(Provided data begins)

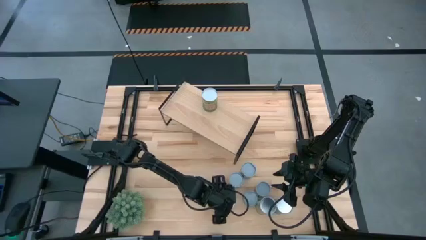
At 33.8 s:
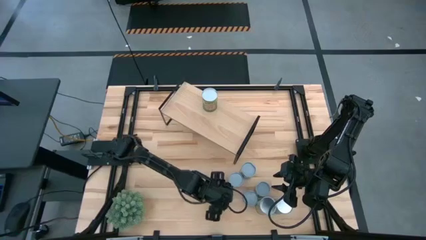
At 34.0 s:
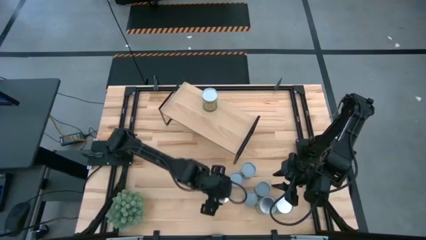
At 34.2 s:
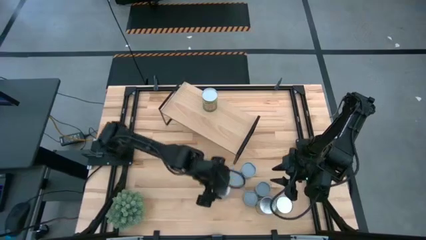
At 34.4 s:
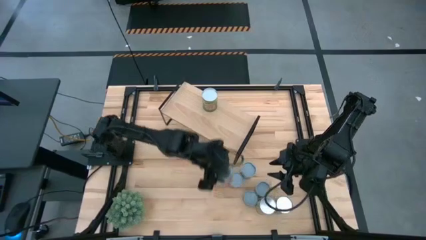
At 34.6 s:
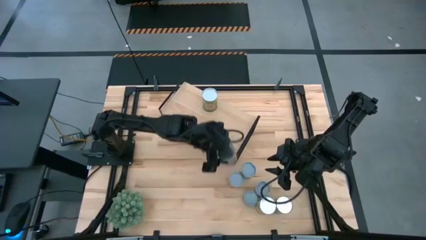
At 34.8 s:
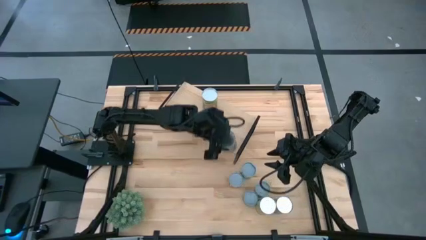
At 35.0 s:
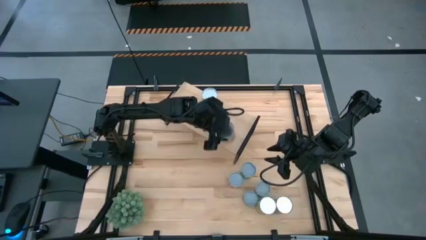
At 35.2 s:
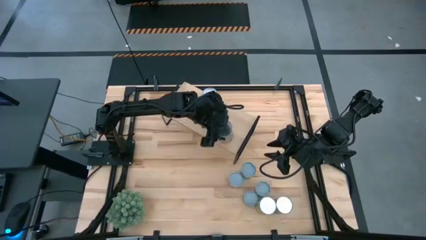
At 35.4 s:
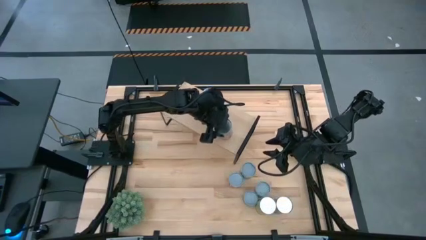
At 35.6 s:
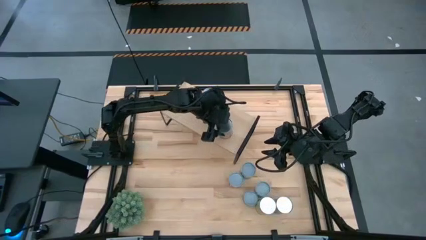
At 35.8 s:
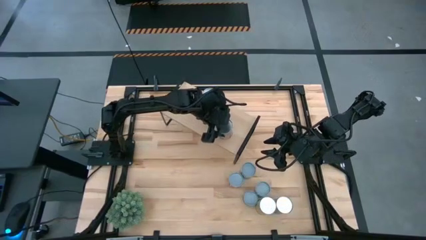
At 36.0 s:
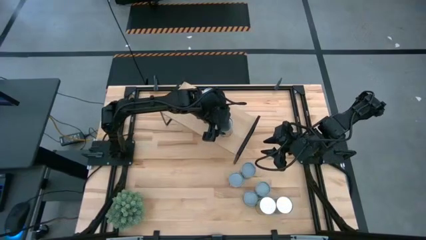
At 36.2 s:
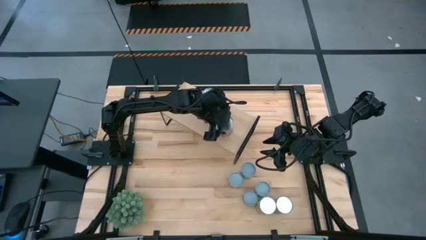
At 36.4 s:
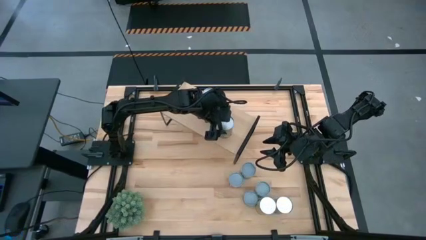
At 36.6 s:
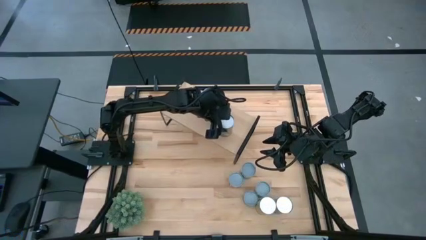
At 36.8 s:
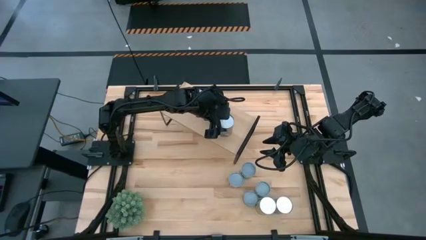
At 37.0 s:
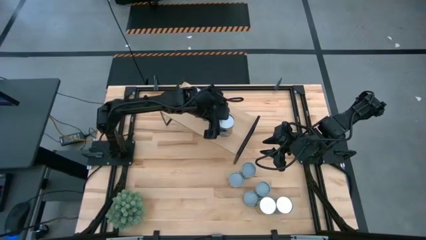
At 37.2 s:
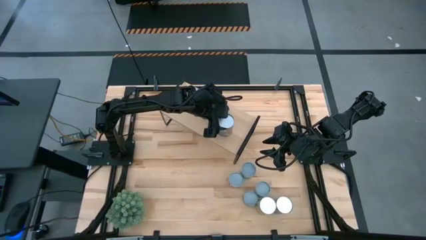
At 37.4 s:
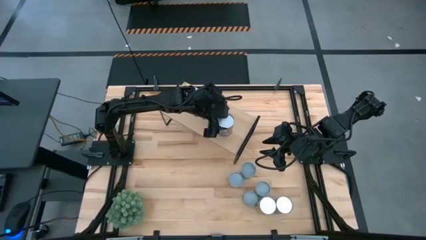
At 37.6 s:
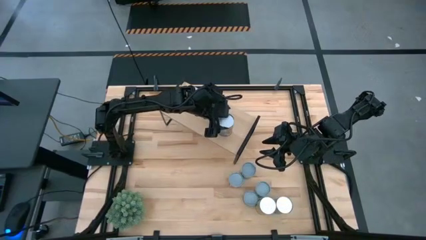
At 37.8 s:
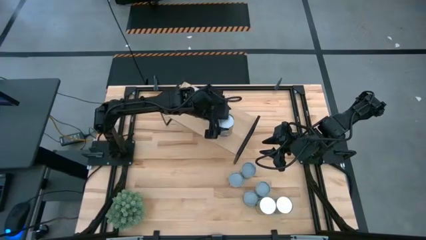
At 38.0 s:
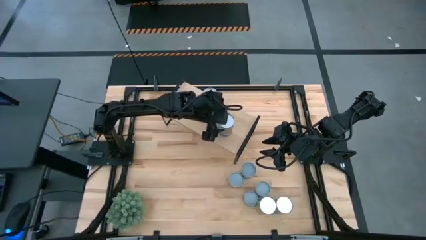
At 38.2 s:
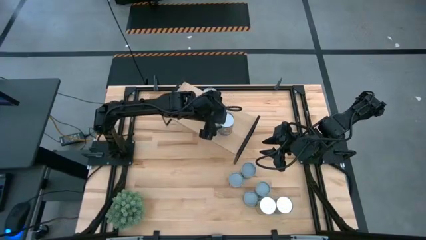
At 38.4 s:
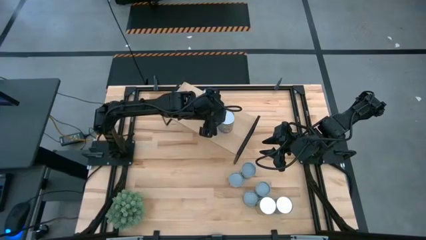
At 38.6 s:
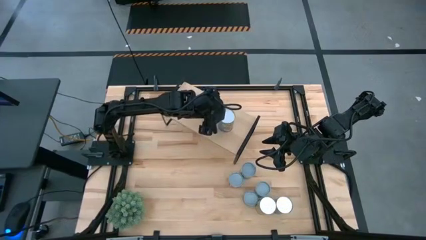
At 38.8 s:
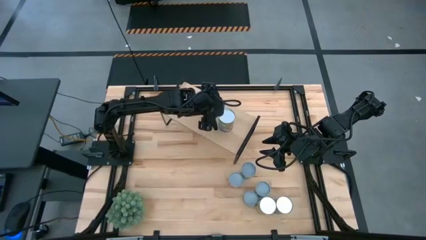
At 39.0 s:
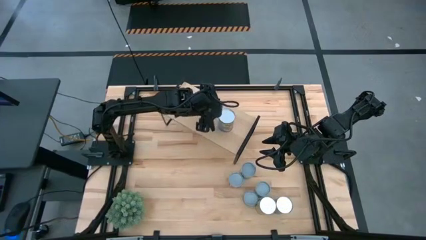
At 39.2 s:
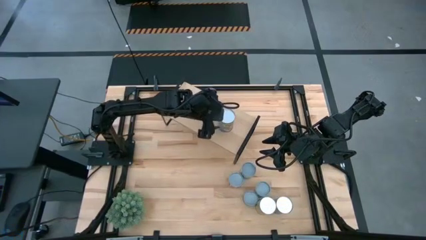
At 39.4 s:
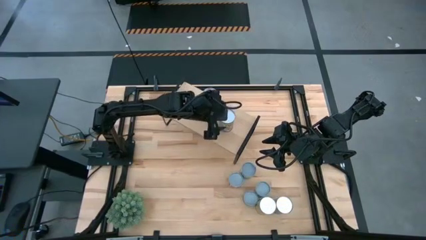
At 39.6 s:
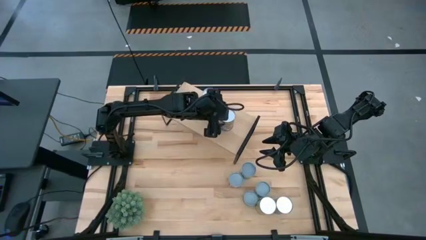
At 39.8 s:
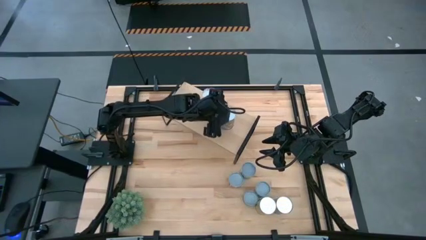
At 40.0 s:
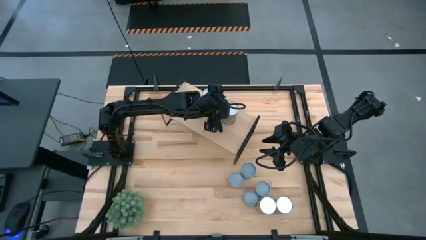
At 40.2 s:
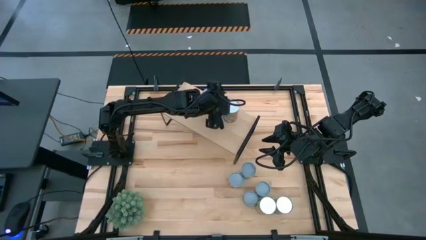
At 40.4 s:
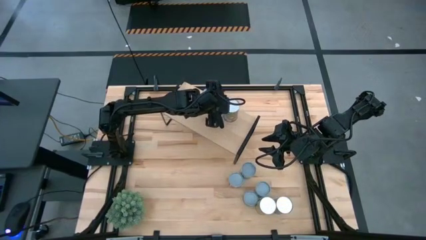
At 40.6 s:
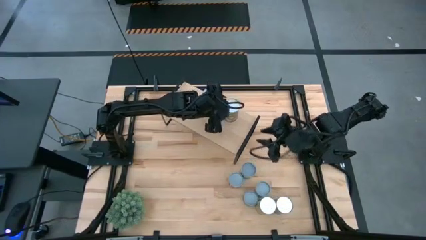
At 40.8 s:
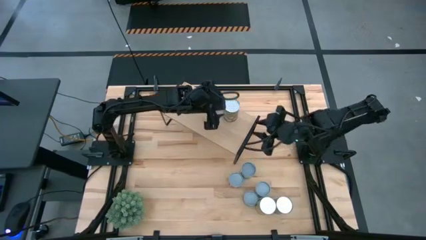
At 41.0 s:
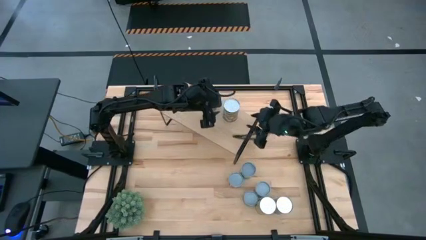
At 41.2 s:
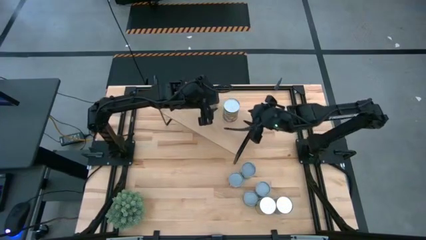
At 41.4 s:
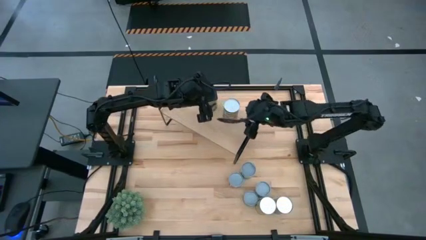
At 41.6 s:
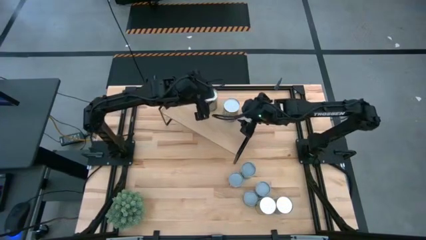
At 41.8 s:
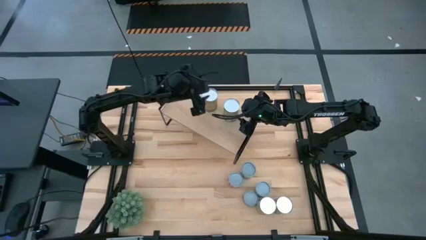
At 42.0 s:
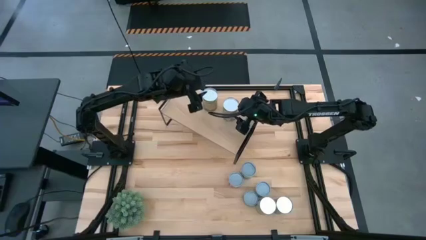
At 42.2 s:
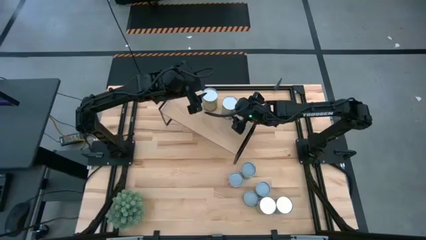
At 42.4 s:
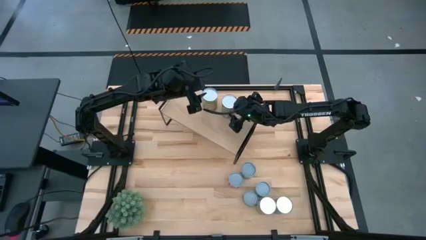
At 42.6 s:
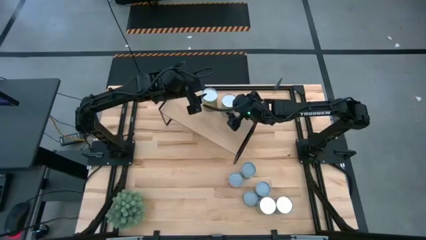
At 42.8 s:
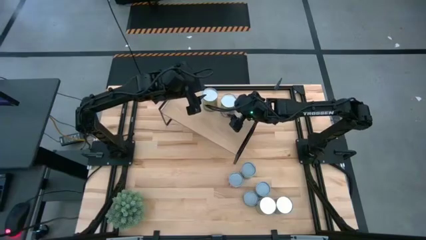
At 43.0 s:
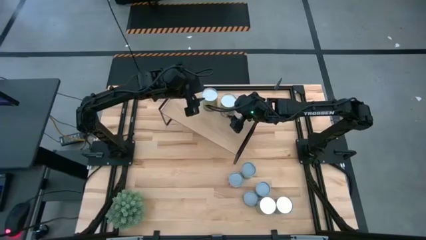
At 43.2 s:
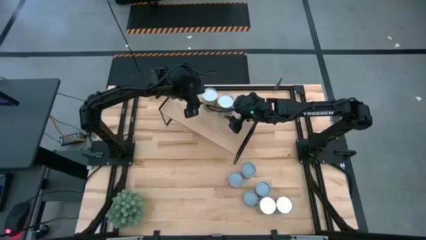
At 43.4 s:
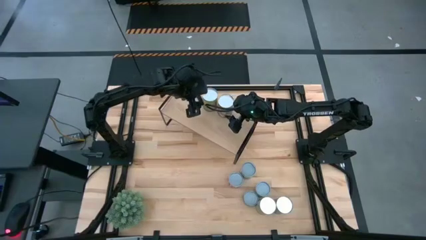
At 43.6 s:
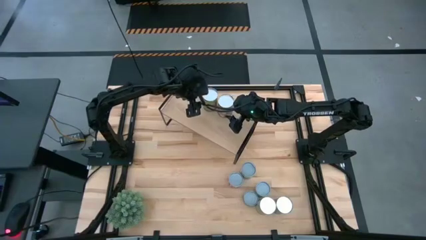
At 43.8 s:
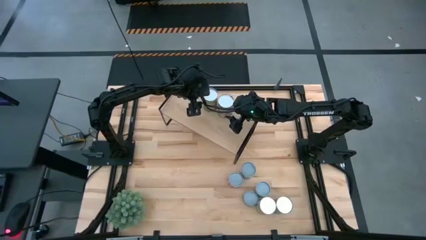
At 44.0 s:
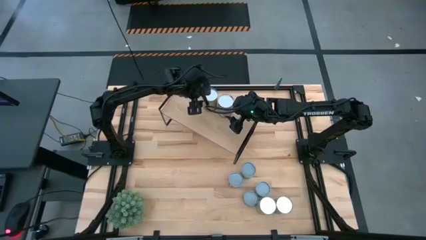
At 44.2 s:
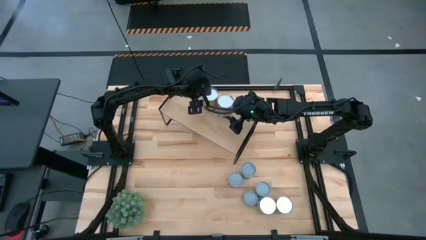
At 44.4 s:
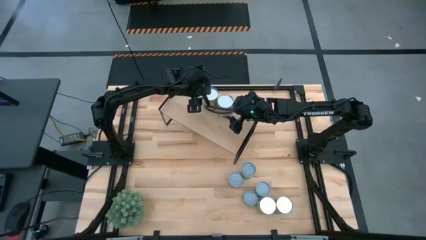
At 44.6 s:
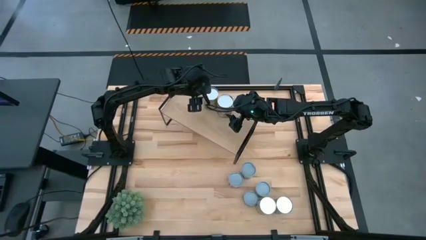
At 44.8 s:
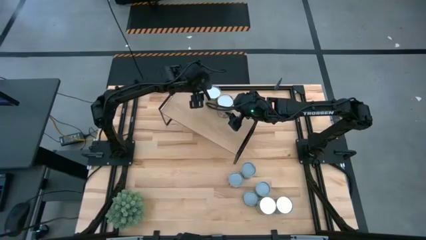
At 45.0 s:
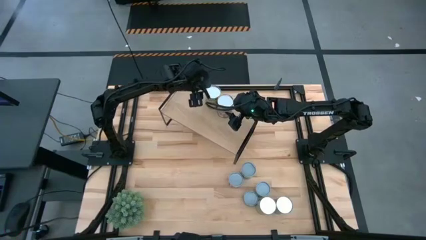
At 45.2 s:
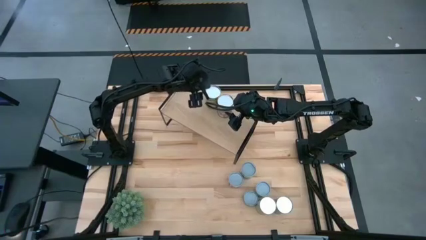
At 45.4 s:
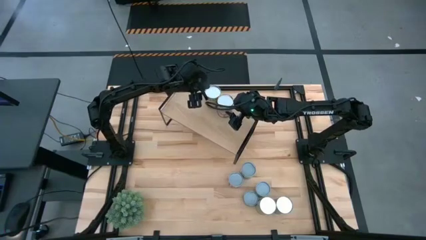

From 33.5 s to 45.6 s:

(Provided data ends)

- Your instructions -
Reproduce the data above word for word, but leave the images out.

- Response for this exercise -
At 33.8 s:
At 34.0 s:
At 34.2 s:
At 34.4 s:
At 34.6 s:
At 34.8 s:
At 35.0 s:
At 35.2 s:
At 35.4 s:
At 35.6 s:
At 35.8 s:
At 36.0 s:
At 36.2 s:
At 36.4 s:
At 36.6 s:
At 36.8 s:
At 37.0 s:
At 37.2 s:
At 37.4 s:
At 37.6 s:
At 37.8 s:
At 38.0 s:
At 38.2 s:
At 38.4 s:
At 38.6 s:
At 38.8 s:
At 39.0 s:
At 39.2 s:
At 39.4 s:
At 39.6 s:
At 39.8 s:
At 40.0 s:
At 40.2 s:
At 40.4 s:
At 40.6 s:
At 40.8 s:
At 41.0 s:
At 41.2 s:
At 41.4 s:
At 41.6 s:
At 41.8 s:
At 42.0 s:
At 42.2 s:
At 42.4 s:
At 42.6 s:
At 42.8 s:
At 43.0 s:
At 43.2 s:
At 43.4 s:
At 43.6 s:
At 43.8 s:
At 44.0 s:
At 44.2 s:
At 44.4 s:
At 44.6 s:
At 44.8 s:
At 45.0 s:
At 45.2 s:
At 45.4 s:

From 33.5 s to 45.6 s:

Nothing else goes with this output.